The meaning of this truce is quite clear. It seeks to liquidate the revolutionary struggle and force into submission the rebellious masses. It leaves the proletariat and peasantry defenseless against the bitter exploitation of the British as well as their own bourgeoisie. In a word, it fulfills the wishes of the British imperialists and proves again that Gandhi is their loyal servant. He writes, on March 2, 1931, to Lord Irwin, “... I feel no hatred for the British, nor the least wish to harm their legitimate rights in this”. Legitimate rights! This can only mean the right of British imperialism to loot and exploit India at its will.
Britain’s fierce struggle against Indian independence is easily understood when it is realized that without India, there is no British Empire. This is the key to the question. What is necessary for the revolutionary proletariat of the world as well as for India, is to determine the rôle of Gandhi and the Nationalist Party. They represent the interests of the native bourgeois and petty-bourgeois classes and in the present struggle, as in all others, they reflect the deep fermentation in the masses. When the movement of the revolutionary workers and peasants becomes too threatening, they enact the rôle of traitors.
Gandhi’s policy of “non-violence” is a rejection of the revolutionary methods of struggle. It signifies capitulation to Great Britain and in essence expresses a deep fear of the proletariat. It is this small but highly developed Indian proletariat that can give leadership to the impoverished peasant masses in the revolution, and it is the proletariat alone that can successfully carry through its tasks. This is precisely what the native bourgeoisie, in the person of Gandhi, fears most. Gandhi expresses this clearly when he says: “It is dangerous to make use of the factory proletariat.”

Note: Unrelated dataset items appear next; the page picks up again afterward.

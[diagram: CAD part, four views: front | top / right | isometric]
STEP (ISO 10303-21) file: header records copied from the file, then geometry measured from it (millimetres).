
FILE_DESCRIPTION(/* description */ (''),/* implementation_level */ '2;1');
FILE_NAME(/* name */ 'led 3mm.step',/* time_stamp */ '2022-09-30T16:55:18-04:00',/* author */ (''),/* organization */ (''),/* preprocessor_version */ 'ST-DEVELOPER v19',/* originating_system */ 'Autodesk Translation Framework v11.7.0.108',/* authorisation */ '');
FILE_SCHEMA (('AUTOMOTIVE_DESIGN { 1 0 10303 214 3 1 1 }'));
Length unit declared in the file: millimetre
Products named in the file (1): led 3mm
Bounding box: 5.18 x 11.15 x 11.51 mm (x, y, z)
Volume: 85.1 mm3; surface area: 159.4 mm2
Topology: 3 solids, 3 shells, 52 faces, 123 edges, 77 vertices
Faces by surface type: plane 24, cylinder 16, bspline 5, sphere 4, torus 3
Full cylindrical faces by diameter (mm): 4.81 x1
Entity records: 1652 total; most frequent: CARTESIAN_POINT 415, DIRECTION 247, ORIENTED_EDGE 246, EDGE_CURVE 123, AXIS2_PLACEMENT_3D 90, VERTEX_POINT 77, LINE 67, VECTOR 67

The significance of the revolution lies in its mass character, and the will to power by the masses. The objective conditions are ripe for the seizure of power. There remains however, the burning question of leadership in this struggle. It is upon the solution of this problem that the success of the Indian revolution depends. At present it constitutes the greatest weakness of the revolution.

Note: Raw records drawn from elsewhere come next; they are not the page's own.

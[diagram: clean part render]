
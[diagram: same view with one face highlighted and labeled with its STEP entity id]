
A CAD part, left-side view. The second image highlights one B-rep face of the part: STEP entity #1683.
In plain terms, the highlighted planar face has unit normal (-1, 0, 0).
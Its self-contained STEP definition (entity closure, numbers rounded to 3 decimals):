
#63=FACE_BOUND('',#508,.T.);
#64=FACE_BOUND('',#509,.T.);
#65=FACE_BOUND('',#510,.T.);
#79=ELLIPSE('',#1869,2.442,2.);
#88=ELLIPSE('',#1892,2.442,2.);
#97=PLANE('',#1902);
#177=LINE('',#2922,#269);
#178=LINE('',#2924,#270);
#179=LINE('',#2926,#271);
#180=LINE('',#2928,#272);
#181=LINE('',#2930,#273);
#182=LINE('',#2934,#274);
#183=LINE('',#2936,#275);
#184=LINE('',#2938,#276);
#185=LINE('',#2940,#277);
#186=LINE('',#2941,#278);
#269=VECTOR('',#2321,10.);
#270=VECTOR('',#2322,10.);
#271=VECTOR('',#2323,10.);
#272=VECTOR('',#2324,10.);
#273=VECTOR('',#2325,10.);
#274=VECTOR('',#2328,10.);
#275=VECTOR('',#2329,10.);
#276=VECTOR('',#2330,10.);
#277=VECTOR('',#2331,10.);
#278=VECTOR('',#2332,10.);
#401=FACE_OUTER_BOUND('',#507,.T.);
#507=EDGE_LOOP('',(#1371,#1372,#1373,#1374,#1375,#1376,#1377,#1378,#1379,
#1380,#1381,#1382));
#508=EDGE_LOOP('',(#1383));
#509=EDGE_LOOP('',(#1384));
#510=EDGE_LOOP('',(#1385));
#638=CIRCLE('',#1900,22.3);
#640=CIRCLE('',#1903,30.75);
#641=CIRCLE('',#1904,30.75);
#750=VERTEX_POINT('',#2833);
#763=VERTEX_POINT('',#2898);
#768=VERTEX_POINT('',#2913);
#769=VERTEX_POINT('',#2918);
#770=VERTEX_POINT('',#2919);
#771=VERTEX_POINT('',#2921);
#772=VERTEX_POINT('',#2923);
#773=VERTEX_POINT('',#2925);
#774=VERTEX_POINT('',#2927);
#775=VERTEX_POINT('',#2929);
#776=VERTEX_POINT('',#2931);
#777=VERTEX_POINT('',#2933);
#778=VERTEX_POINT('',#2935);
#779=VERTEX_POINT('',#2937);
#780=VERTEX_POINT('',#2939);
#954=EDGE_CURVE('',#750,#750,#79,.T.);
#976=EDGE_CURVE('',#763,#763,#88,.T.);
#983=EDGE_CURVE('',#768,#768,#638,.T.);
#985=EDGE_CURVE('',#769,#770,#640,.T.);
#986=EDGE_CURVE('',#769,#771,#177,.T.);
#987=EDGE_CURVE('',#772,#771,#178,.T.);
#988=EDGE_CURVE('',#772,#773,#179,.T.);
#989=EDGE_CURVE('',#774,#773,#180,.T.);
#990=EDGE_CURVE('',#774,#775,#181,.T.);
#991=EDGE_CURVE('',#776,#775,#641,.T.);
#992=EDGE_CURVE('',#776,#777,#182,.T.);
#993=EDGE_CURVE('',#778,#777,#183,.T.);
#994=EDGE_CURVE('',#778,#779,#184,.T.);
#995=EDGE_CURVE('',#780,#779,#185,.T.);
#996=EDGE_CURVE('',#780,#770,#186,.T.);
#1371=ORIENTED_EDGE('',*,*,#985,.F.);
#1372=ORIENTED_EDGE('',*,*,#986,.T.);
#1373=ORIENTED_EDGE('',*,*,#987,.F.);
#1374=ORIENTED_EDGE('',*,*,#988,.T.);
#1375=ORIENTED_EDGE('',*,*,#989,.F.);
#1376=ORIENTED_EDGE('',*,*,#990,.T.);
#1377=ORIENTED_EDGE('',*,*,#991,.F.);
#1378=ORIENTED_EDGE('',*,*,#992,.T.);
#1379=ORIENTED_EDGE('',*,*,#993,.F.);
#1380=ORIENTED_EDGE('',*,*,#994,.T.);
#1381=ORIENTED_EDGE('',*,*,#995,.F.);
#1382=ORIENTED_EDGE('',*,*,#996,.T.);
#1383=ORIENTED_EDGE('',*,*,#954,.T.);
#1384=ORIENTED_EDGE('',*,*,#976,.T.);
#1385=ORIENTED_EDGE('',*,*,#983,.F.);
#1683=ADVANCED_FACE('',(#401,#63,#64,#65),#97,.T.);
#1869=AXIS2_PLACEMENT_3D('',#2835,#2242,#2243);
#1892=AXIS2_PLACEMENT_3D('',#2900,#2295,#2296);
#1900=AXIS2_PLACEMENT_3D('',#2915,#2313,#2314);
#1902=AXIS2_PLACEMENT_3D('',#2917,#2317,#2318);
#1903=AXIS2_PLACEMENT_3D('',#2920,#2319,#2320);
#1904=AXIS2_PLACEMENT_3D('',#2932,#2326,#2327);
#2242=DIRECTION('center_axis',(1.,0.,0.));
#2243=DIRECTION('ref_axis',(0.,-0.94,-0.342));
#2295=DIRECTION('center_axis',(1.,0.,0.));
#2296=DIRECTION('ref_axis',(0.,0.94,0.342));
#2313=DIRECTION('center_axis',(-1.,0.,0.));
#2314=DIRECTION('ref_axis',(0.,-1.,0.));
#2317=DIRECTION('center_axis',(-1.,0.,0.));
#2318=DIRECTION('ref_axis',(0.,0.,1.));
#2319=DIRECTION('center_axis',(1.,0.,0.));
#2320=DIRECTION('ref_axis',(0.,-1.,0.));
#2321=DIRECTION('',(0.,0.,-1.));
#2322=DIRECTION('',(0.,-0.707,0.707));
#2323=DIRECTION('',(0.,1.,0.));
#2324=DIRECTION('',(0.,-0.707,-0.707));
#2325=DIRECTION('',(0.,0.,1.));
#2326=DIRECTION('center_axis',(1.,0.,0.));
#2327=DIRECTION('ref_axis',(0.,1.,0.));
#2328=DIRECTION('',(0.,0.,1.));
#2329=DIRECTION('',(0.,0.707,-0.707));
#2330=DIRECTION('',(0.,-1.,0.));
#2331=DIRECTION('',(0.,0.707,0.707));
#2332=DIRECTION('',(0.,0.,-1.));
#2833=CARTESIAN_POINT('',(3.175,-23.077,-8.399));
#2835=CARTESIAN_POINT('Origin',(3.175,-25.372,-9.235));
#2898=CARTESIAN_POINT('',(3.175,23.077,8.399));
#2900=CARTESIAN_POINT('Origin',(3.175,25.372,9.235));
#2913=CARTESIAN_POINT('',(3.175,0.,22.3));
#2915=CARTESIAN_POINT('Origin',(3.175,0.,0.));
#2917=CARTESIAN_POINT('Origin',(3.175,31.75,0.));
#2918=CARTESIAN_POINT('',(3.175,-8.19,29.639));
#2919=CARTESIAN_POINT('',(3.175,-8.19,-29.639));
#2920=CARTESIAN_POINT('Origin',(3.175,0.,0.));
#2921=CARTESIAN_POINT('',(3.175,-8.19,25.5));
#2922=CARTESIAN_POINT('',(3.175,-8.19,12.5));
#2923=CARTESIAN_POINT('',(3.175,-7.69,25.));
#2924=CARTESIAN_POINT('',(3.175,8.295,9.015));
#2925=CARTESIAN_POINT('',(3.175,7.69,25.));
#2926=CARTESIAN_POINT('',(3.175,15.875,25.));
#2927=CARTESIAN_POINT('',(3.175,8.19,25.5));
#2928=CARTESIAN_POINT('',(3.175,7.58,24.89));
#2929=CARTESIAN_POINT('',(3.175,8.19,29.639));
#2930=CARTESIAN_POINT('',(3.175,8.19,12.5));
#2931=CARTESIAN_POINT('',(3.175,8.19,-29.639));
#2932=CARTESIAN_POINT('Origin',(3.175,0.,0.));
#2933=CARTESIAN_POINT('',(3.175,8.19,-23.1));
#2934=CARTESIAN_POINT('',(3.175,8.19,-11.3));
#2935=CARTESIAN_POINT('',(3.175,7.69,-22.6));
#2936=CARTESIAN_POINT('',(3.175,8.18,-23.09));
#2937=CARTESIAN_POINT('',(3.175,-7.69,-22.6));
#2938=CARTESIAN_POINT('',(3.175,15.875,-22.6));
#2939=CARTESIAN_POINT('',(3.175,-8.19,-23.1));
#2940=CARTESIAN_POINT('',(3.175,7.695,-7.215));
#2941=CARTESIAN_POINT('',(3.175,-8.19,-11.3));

The native bourgeoisie and the petty-bourgeoisie have conclusively demonstrated that they cannot lead the revolution to a victorious conclusion. They fear the revolution, and more than that they fear the proletariat. Only the Communists organized into a revolutionary party, with a correct program, can achieve the victory of the revolution. They can achieve it only as a dictatorship of the proletariat and in no other way. There are the lessons of all revolutionary struggles under imperialist capitalism.
What is needed today in India, is a strong Communist party to give leadership to the Indian masses. It is necessary to put forth the strategic aim of the dictatorship of the proletariat immediately. Without it one of the main barriers in the road of the emancipation of India’s workers and peasants – that is, the barrier artificially erected by Roy and the Right wing on one hand, and its Stalinist caricature on the other – will remain in the way.